In Sprinter, a Jamaican teen, burdened by an unstable father and an unruly older brother, hopes a meteoric rise in track and field can reunite him with his mother, who has lived illegally in the US for over a decade.

Sharon Lewis’s enthralling film Brown Girl Be, based on a prequel to Nalo Hopkinson’s novel, imagines the post-apocalyptic Toronto where Ti-Jeanne, a young reluctant priestess, must resurrect ancient Caribbean spirits to save her people and survive the possession ritual that killed her mother.
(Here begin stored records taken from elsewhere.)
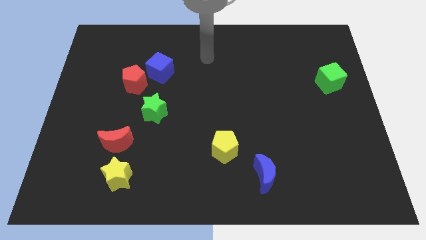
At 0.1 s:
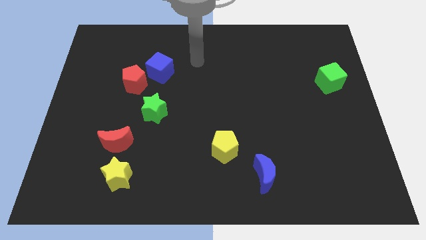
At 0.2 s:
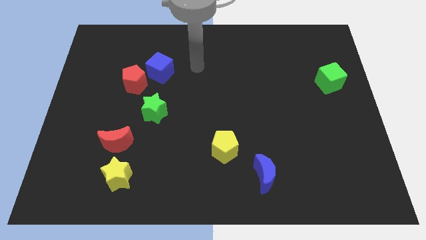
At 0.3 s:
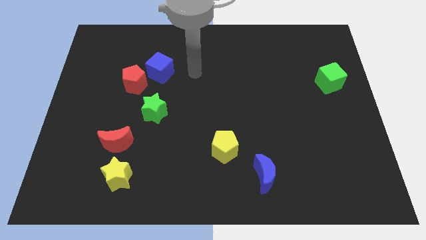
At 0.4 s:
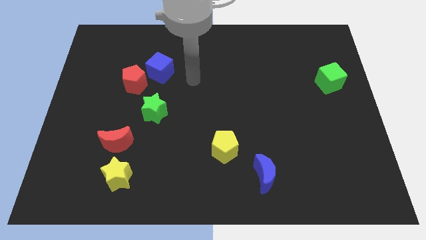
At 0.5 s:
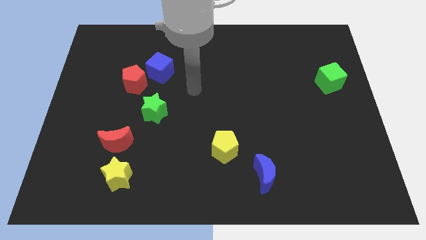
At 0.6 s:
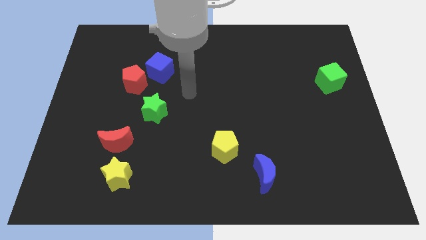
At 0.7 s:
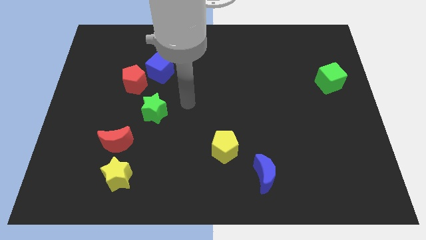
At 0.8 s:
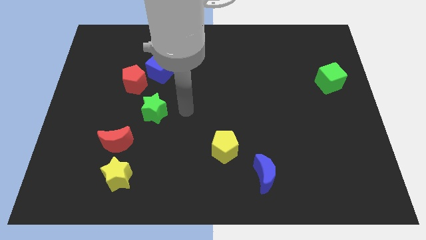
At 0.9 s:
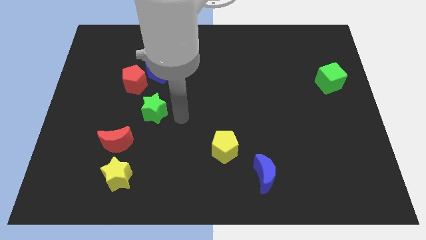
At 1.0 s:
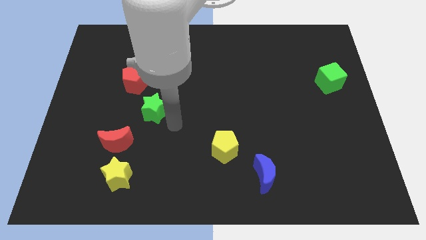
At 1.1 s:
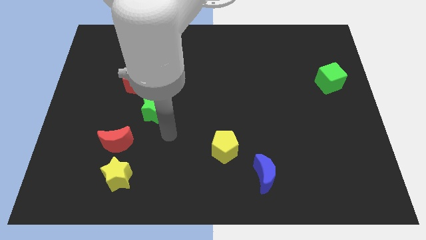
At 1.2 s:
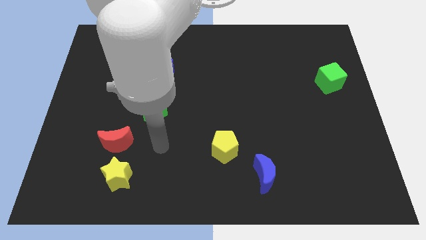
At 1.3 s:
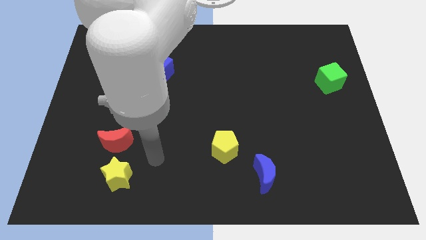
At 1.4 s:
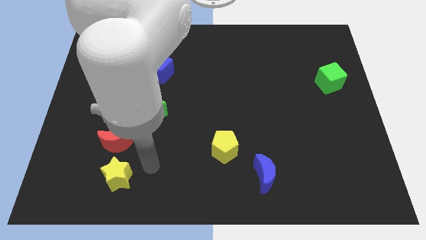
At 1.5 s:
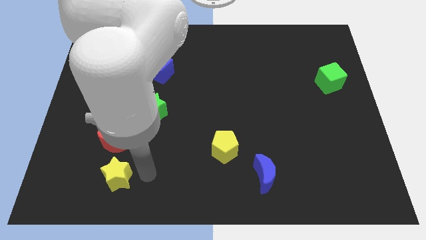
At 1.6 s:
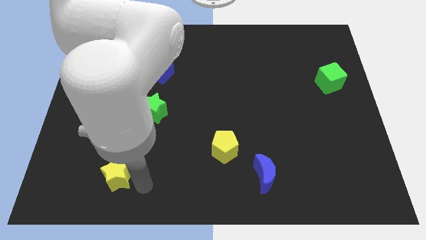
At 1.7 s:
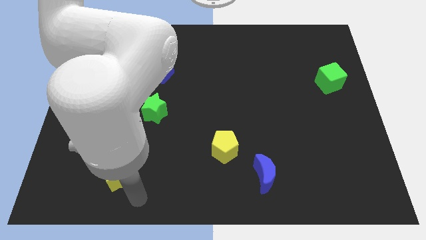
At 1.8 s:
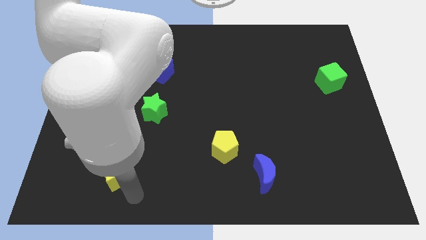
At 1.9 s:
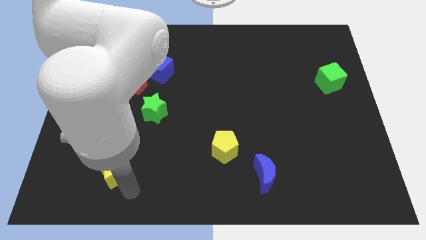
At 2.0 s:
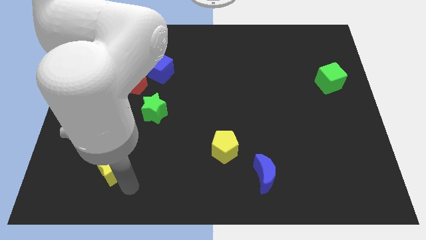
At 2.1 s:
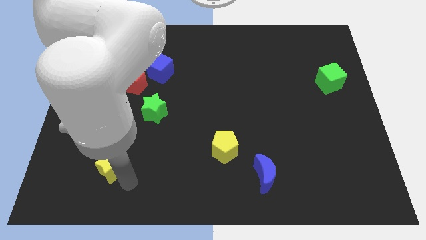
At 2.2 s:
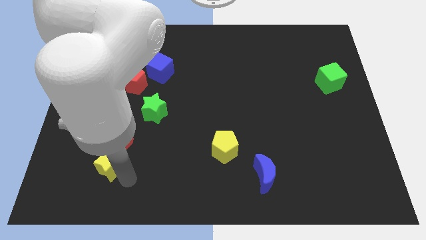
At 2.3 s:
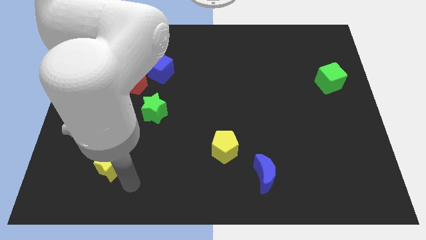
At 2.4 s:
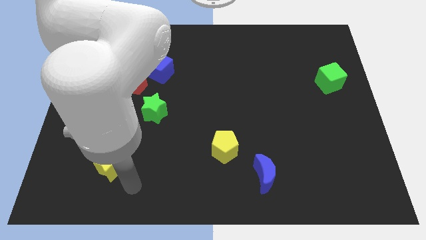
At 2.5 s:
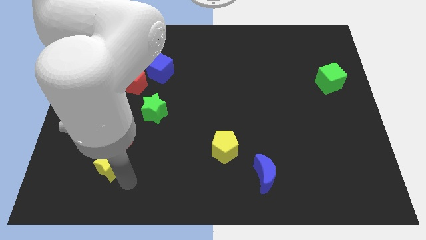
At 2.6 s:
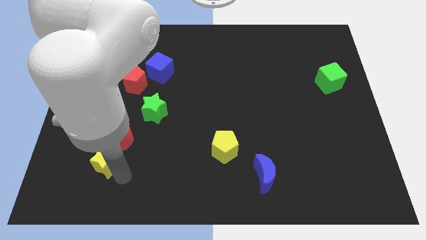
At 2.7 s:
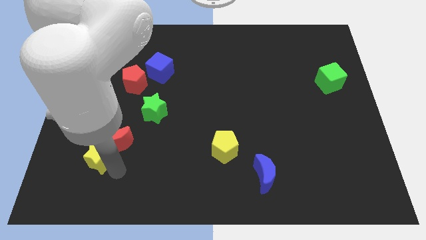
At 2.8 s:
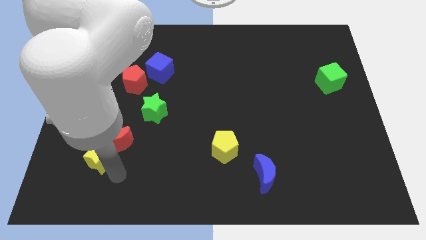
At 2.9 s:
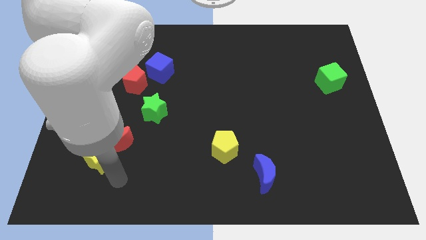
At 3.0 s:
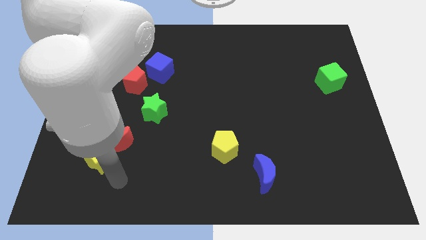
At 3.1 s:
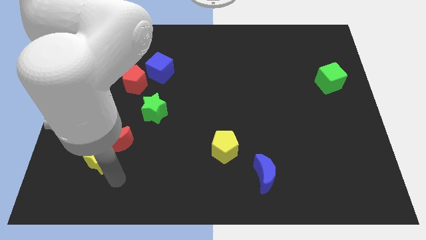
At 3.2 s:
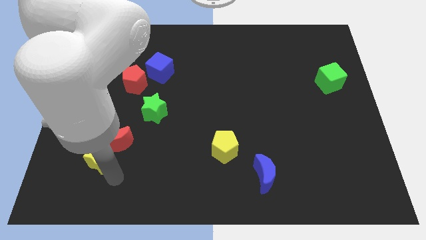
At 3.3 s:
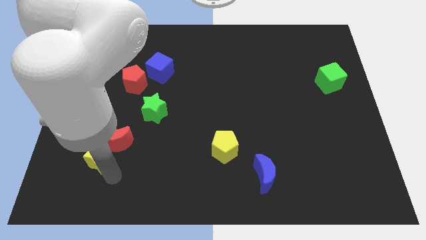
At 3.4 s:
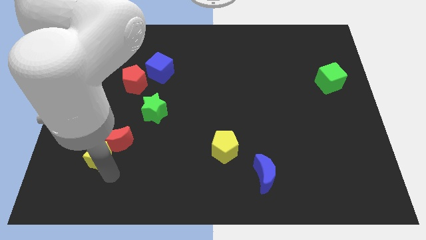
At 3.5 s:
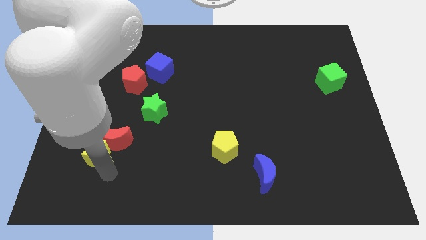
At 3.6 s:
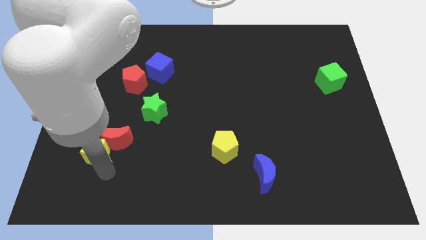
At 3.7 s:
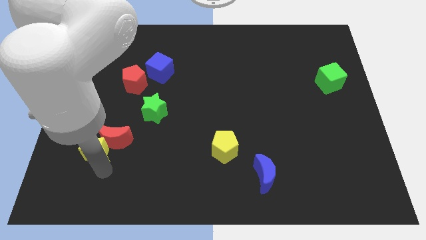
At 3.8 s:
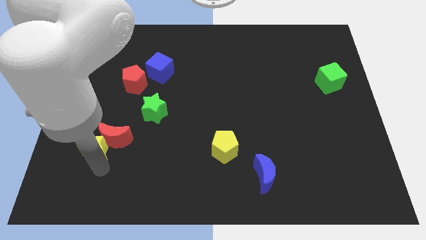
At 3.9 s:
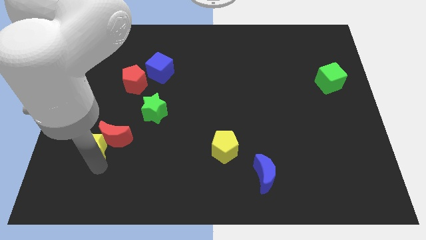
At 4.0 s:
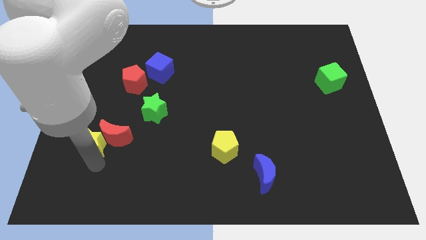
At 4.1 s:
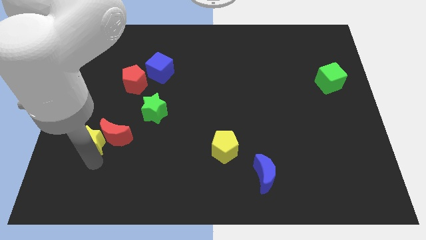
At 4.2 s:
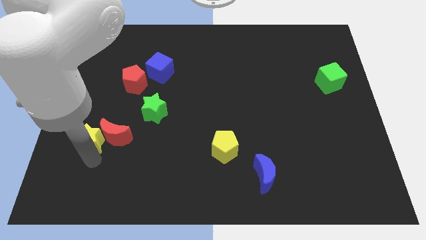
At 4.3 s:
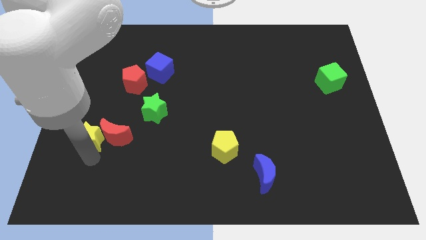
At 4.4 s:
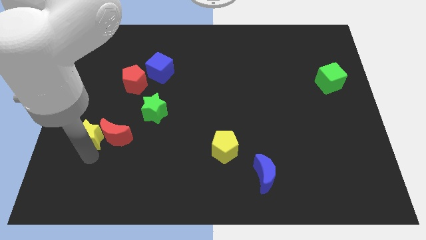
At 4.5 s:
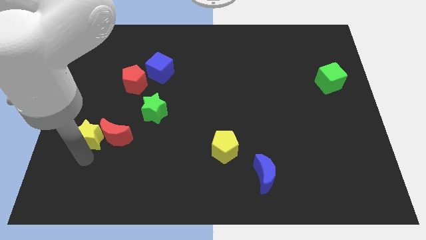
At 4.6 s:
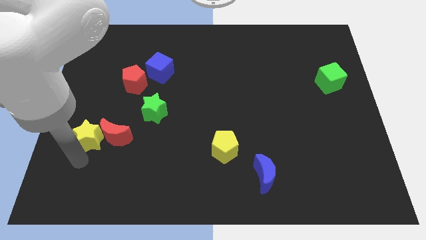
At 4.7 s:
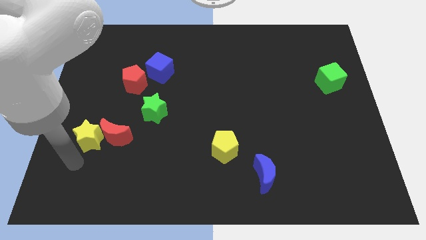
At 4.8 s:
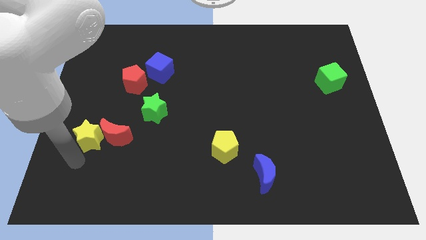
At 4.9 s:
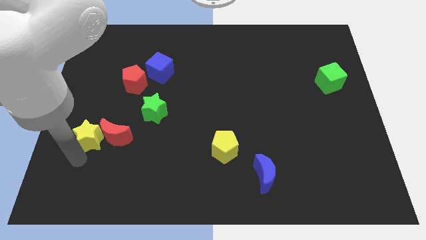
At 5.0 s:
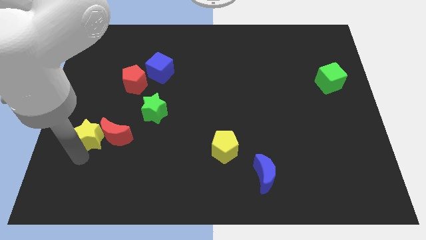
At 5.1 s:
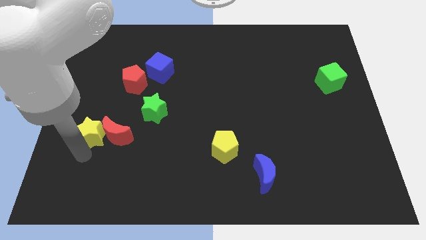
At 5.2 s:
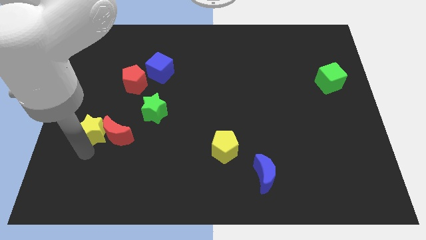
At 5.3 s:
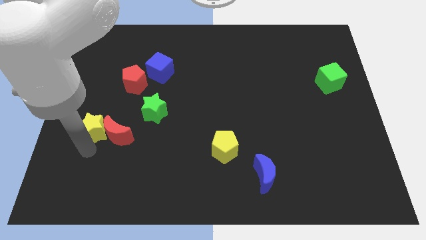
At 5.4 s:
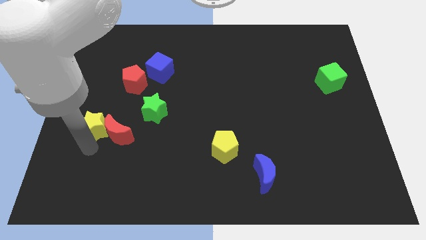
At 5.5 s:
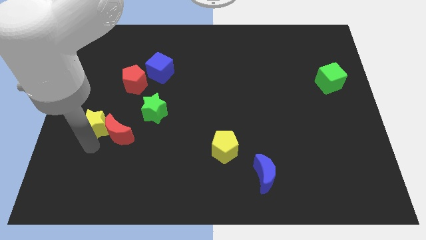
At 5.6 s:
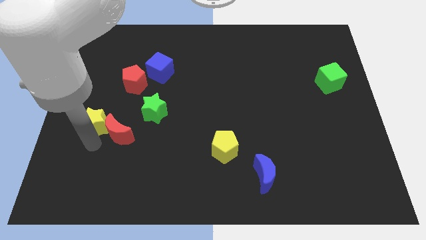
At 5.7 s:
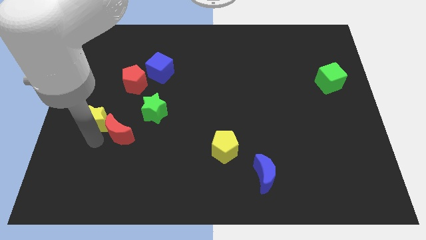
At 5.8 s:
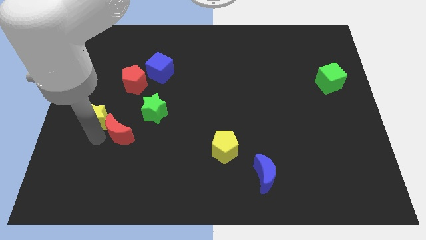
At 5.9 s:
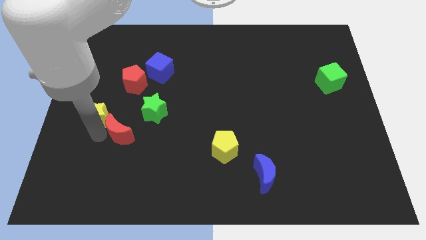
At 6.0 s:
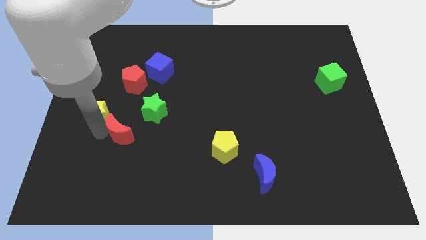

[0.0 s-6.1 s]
put the yellow star diagonally down and to the left of the red pentagon

Also in the TTFF 2018 line-up is Johnny 100 Pesos, a film featuring Johnny, who is released from jail after serving 20 years and one day for a heist and double murder. Despite trying to turn over a new leaf he ends up participating in a kidnapping plot to recover a large ransom.

The Panorama programme also features a beloved Indian classic. Director Satyajit Ray’s first film, Pather Panchali, follows impoverished priest Harihar Ray, who dreams of a better life for himself and his family and leaves his rural Bengal village in search of work. Alone, his wife looks after her rebellious daughter, Durga, and her young son, Apu, as well as Harihar's elderly aunt Indir. The children enjoy the small pleasures of their difficult life, while their parents suffer the daily indignities heaped upon them.